Bob Weston, Director of Strategic Business Planning, Ortho Development Corp.: We’re seeing extended lead times, even from our tried and true suppliers. We think that the larger OEMs are undergoing a lot of product launches that are impacting lead times in the industry. There used to be a cycle; I’d tell our engineers, “We want to have the supplier building the parts in August when the larger companies decide to decrease their forecast.” Right now, there’s some disappointment on our side on missed dates.
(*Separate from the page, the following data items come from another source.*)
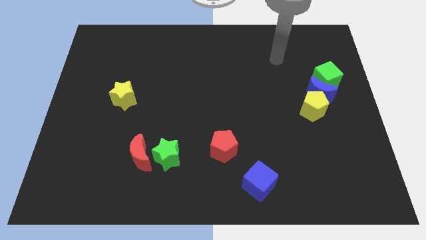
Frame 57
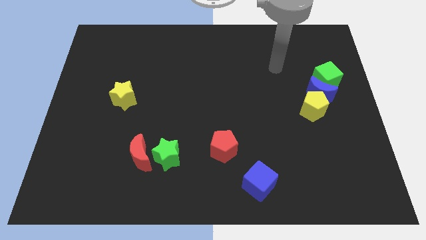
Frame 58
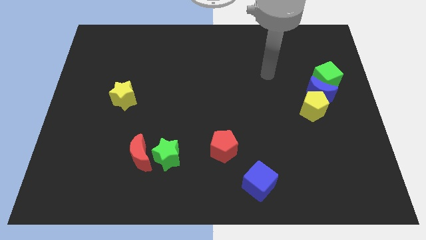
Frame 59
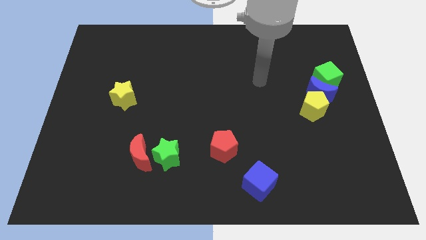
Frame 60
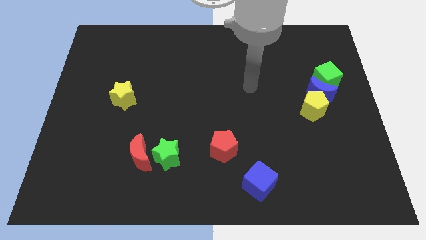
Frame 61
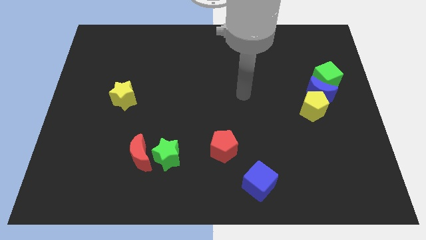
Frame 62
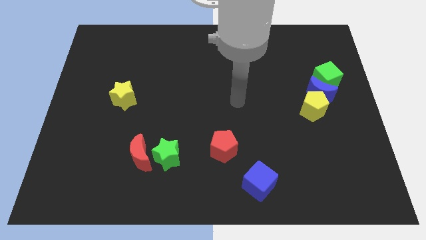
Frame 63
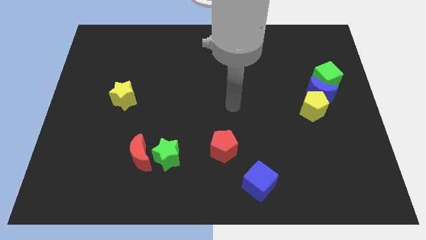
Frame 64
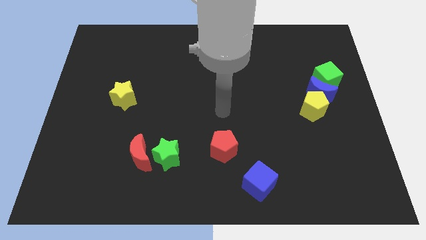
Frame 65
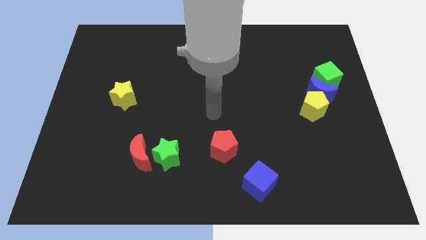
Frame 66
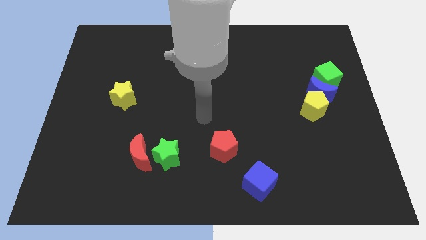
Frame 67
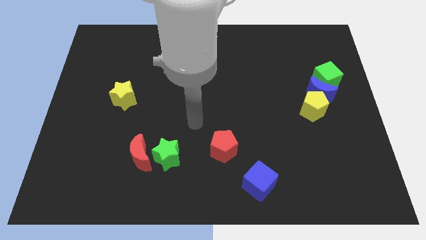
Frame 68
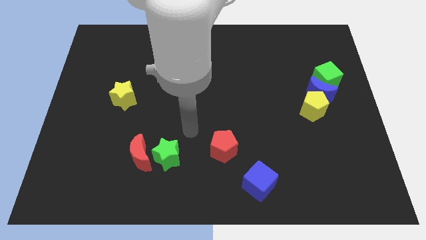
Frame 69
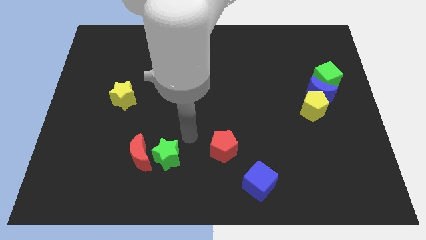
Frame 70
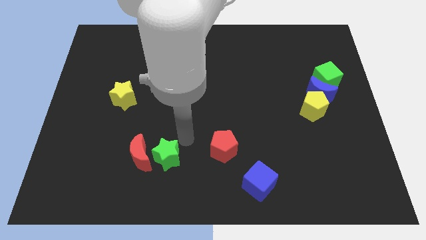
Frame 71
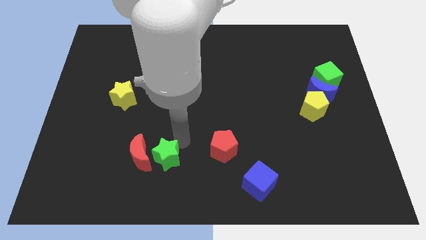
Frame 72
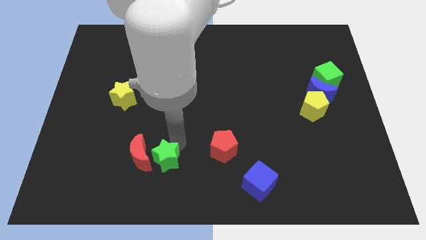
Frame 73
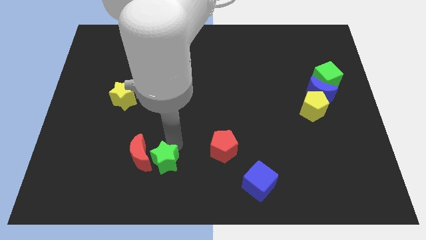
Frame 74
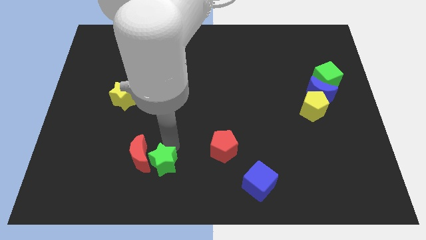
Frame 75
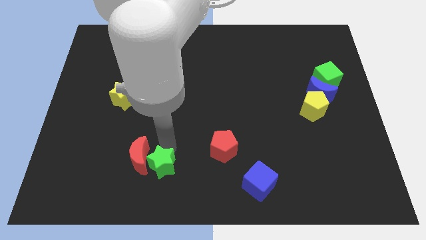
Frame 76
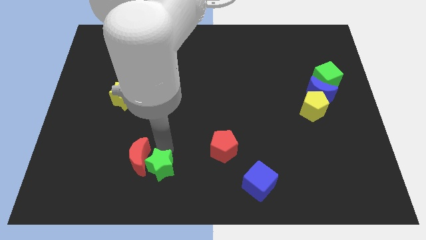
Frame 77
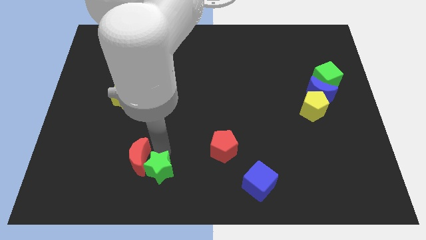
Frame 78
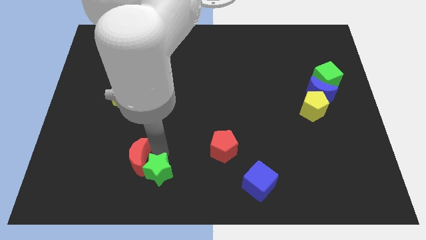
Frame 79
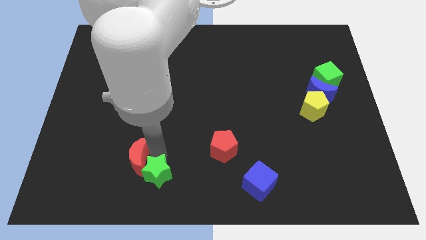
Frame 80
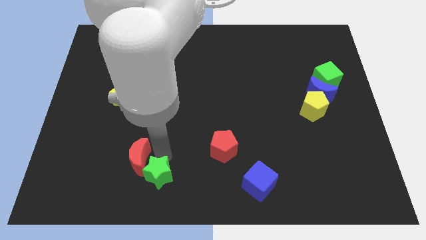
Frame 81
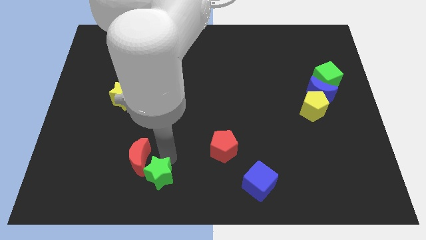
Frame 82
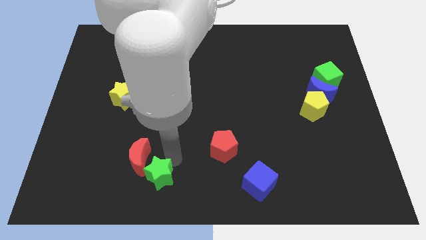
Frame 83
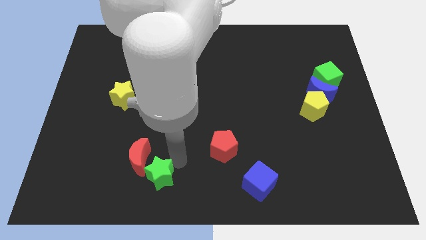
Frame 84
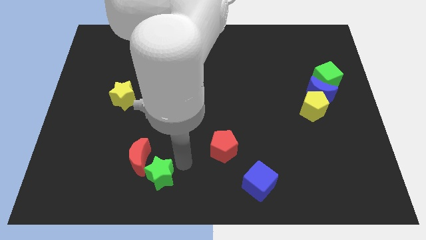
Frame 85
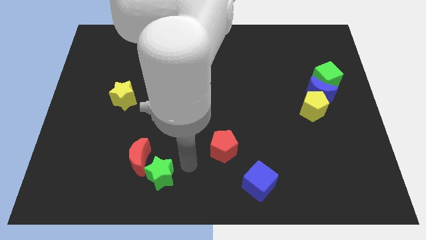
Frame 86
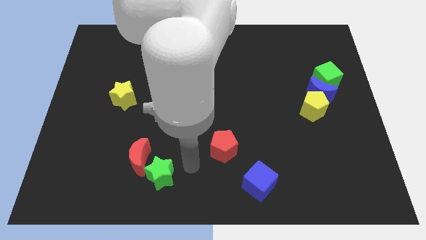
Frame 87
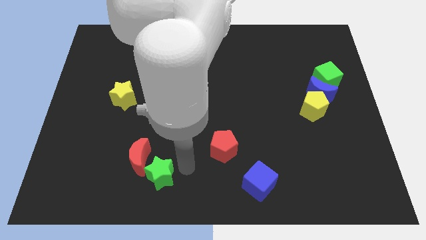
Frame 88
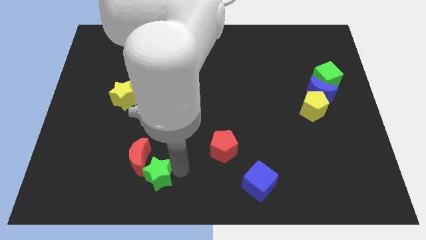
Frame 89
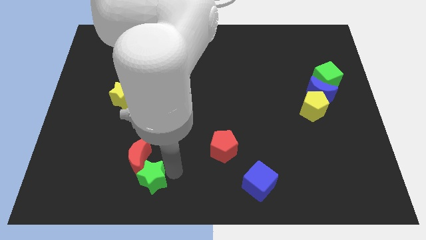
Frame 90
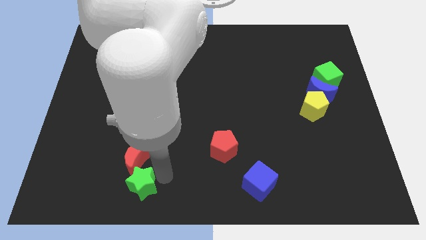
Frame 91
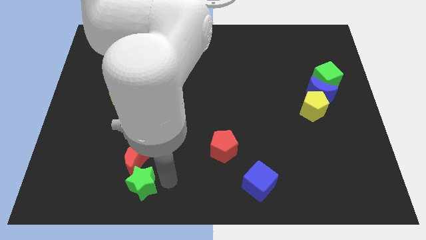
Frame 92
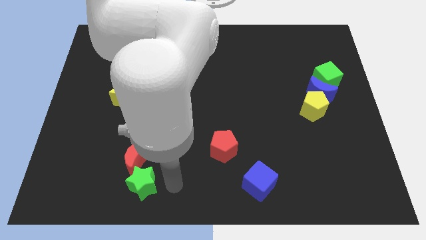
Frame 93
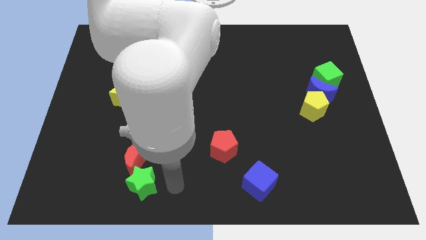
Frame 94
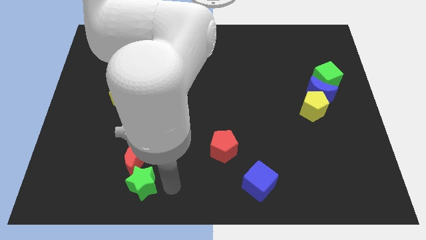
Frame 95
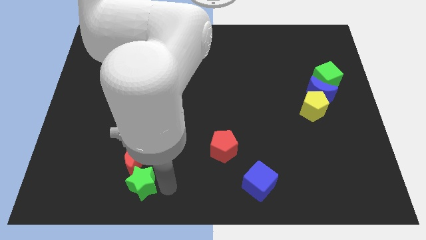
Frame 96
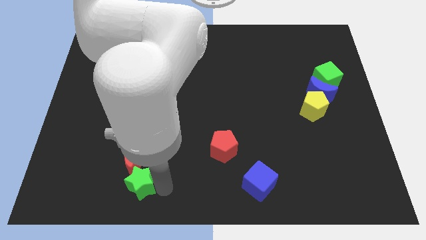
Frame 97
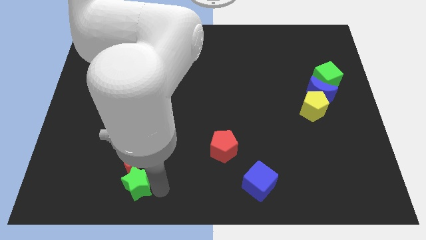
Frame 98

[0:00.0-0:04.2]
put the green star diagonally down and to the left of the red moon

What we’d like to see is some flex time at the supplier level to give us that wiggle room that we need moving forward.
 
Thomas Solowczuk, Director, Global Sourcing, Alphatec Spine: We’re increasingly creating strategic supply agreements with our suppliers, putting VMI programs in place, allowing the supplier to build ahead. We’ve been able to adapt to some of the changes in lead time and demand. A supplier can respond much faster if we’re able to give them six or nine months of requirements. If they’re able to bank some of that inventory for us, it can cut lead times down from 8-10 to 1-2 weeks, potentially.
 
Howard Levy, Chief Procurement Officer, Worldwide Operations, Biomet: I think it depends on the business that you’re actually supplying. One of our trauma suppliers told me any new order we place is a 20-week lead time. Some of my instrument suppliers are showing me a map, or are forward-planning our business and suddenly there is a cliff of no return that they’ve experienced, regarding volume. It depends on your OEMs, who you’re supplying to, what particular products you have; are you part of a new launch, or do you have stable business? It’s an interesting dynamic; one that’s different than I’ve seen before. 
 
 
In the Sessions:
Orthopaedics leads the medical device industry in number of recalls, with 578 total recalls between 2007 and 2011. Matthew Krueger, Chief, Orthopedic and Physical Medicine Devices Branch, Office of Compliance, Center for Devices and Radiological Health at FDA, presented data compiled by the agency.
 
FDA sorted the data into four categories (mislabeled, specification, sterilization, fracture), which were created based on prevalence and areas in which it foresees being able to address concerns. The percentage of each recall issued from 2007-2011 includes: mislabeled, 24%; specification, 19%; sterilization, 7%; fracture, 9%; other, 41%.
 
 
On the Floor:
OMTEC speaker Rob Packard walked the hall with notebook in hand, jotting down questions he received from attendees. Here’s one: Where will FDA be in five years?
 
Mr. Packard’s Answer: I don’t expect to see the 510(k) process go away, but FDA has good reasons for disliking it. Therefore, FDA will continue to rigorously screen and reject as many applications on technicalities as they can. Second, FDA will continue to promote the De Novo process, because it allows them to establish a new special controls document for verification and validation testing that will be required—instead of accepting what was accepted for past submissions. FDA will also increasingly require clinical trials for 510(k) devices. The trend has grown gradually, and ten to 15% of submissions now include clinical trial data. I’d like to see a 100% web-based solution to submissions, but I don’t believe FDA can change that fast. Ten years might not even be enough.